After a medical dispute, the medical patients have consulted to resolve medical damages and the insurance companies that are insured for medical liability insurance should be fully involved.

After the occurrence of a medical dispute, the medical institution should investigate the verification in accordance with the relevant provisions, if the medical liability insurance company provides medical disputes.

In accordance with article 42, the People's Conciliation Commission for Medical Disputes has reached an agreement, the People's Court mediation agreement or entered into a judgement of entry into force, the Medical Liability Insurance Corporation shall pay compensation (refur) in accordance with the contract in a timely manner.

Medical disputes are negotiated by the people's mediation and without proceedings, and compensation by medical institutions or medical liability insurance insurance companies (refur) shall be based on the letter of the popular conciliation agreement.

Article 43 does not participate in the medical liability insurance, and the medical institutions shall pay compensation in accordance with the agreement or the award of compensation (reparation) in accordance with the agreement or the judgement.

Chapter VI Legal responsibility

In violation of this approach by medical personnel, one of the following acts is punishable by law by the health administration:

(i) In violation of health laws, regulations, regulations, systems or technical operational norms, which have serious consequences.

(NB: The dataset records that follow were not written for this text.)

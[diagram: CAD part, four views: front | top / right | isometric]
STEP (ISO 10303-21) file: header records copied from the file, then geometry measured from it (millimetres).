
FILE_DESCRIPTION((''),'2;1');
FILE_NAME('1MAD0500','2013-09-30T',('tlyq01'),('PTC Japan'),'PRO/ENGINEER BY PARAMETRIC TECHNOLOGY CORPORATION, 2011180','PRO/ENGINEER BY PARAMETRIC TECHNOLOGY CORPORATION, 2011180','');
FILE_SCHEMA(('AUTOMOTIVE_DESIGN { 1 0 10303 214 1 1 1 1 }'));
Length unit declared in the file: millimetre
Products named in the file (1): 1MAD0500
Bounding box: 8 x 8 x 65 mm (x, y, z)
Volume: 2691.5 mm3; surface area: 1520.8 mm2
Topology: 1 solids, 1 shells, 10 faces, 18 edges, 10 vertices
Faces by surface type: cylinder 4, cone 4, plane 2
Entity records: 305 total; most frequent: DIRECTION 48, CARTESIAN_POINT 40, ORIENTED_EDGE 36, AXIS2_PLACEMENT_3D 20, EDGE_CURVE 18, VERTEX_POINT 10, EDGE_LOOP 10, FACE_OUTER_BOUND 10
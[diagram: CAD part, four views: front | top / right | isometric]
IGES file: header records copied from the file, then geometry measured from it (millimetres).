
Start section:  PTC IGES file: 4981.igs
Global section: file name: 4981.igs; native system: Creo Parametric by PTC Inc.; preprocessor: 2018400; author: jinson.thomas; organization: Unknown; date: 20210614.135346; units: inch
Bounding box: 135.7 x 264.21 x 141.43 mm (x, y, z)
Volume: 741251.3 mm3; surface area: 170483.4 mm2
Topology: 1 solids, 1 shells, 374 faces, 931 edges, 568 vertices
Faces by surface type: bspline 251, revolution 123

(ii) Serious consequences due to irresponsible delays in the collection and treatment of critical patients.

(iii) Exonymous, forged or unauthorized destruction of medical instruments and information.

Article 42 does not establish pre-removal cases for treatment of medical disputes, which are redirected by a sanitary administrative officer and are severely punishable by law for responsible supervisors and other responsible personnel.

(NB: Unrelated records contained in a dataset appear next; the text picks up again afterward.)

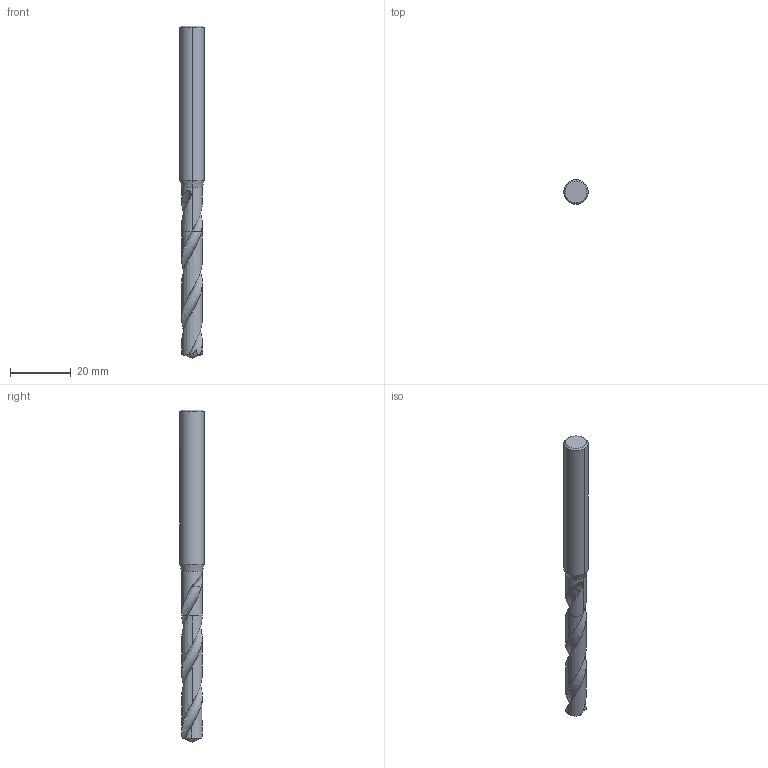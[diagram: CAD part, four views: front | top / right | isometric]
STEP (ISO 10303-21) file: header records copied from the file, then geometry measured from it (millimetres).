
FILE_DESCRIPTION(('no description'),'unknown implementation level');
FILE_NAME('solidKHHdI8gHuFK5rgTtlxQzj7pmT3Y_1.STP',' ',('CIM GmbH Aachen'),('CADClick - KiM GmbH - www.kimweb.de'),'unknown preprocess','ACIS','unknown authorization');
FILE_SCHEMA(('automotive_design'));
Length unit declared in the file: millimetre
Products named in the file (2): 1; 2
Bounding box: 8 x 8 x 109 mm (x, y, z)
Volume: 4169.7 mm3; surface area: 2717.6 mm2
Topology: 2 solids, 2 shells, 54 faces, 145 edges, 91 vertices
Faces by surface type: cone 18, plane 18, cylinder 12, bspline 4, revolution 2
Entity records: 8477 total; most frequent: CARTESIAN_POINT 5617, STYLED_ITEM 288, PRESENTATION_STYLE_ASSIGNMENT 288, COLOUR_RGB 288, ORIENTED_EDGE 282, DIRECTION 217, EDGE_CURVE 141, CURVE_STYLE 141
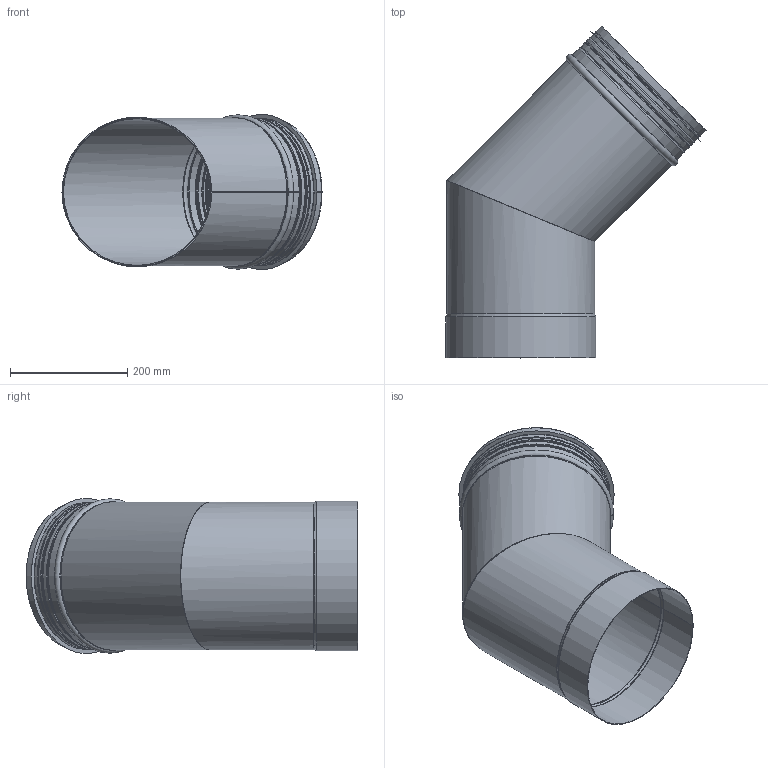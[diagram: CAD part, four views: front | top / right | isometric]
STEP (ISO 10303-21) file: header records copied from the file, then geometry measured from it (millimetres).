
FILE_DESCRIPTION(/* description */ ('Rörämne böj imkanal'),/* implementation_level */ '2;1');
FILE_NAME(/* name */ 'HVH-45-4.stp',/* time_stamp */ '2016-02-10T14:34:53+01:00',/* author */ ('CAD'),/* organization */ (''),/* preprocessor_version */ 'ST-DEVELOPER v15.6',/* originating_system */ 'Autodesk Inventor 2015',/* authorisation */ '');
FILE_SCHEMA (('AUTOMOTIVE_DESIGN { 1 0 10303 214 3 1 1 }'));
Length unit declared in the file: millimetre
Products named in the file (5): HVH-45-AA-4; HVH-45-AB-4; HIK-AA-5; HIK-AB-5; HVH-45-4
Assembly tree (4 placements, depth 2):
  HVH-45-4
    HVH-45-AA-4
    HVH-45-AB-4
    HIK-AA-5
    HIK-AB-5
Bounding box: 442.97 x 565.37 x 264.6 mm (x, y, z)
Volume: 498124 mm3; surface area: 976009.4 mm2
Topology: 4 solids, 4 shells, 128 faces, 253 edges, 133 vertices
Faces by surface type: plane 62, torus 32, cylinder 22, cone 12
Full cylindrical faces by diameter (mm): 247 x2, 250.6 x2, 251.6 x1, 264.6 x1
Entity records: 3395 total; most frequent: DIRECTION 640, CARTESIAN_POINT 509, ORIENTED_EDGE 478, AXIS2_PLACEMENT_3D 264, EDGE_CURVE 239, EDGE_LOOP 146, VERTEX_POINT 133, STYLED_ITEM 132

Article 46 is one of the following acts, in violation of the management of the security sector, punishable by law by public security authorities:

(i) Size medical institutions for medical treatment or office premises, and seek out forclamation.

(ii) To deny the transfer of the body to the premises or interfere with the medical order in such a way as a medical institution in the form of an explanatory, ventilation, posting of abron.

(iii) Obstacles the medical profession in accordance with the law, stigma, defamation, threat, beating medical personnel or violating the physical liberty of medical personnel and disrupting the normal life of medical personnel.

(iv) Damage to important information, such as equipment, property and disease, archives and archives of medical institutions.

(v) Other disruptions in the medical order violate the management of the security sector.

Chapter VII

Article 47 states of this approach, including patients, relatives of patients, designated representatives and others.

Article 48 is implemented effective 1 May 2011.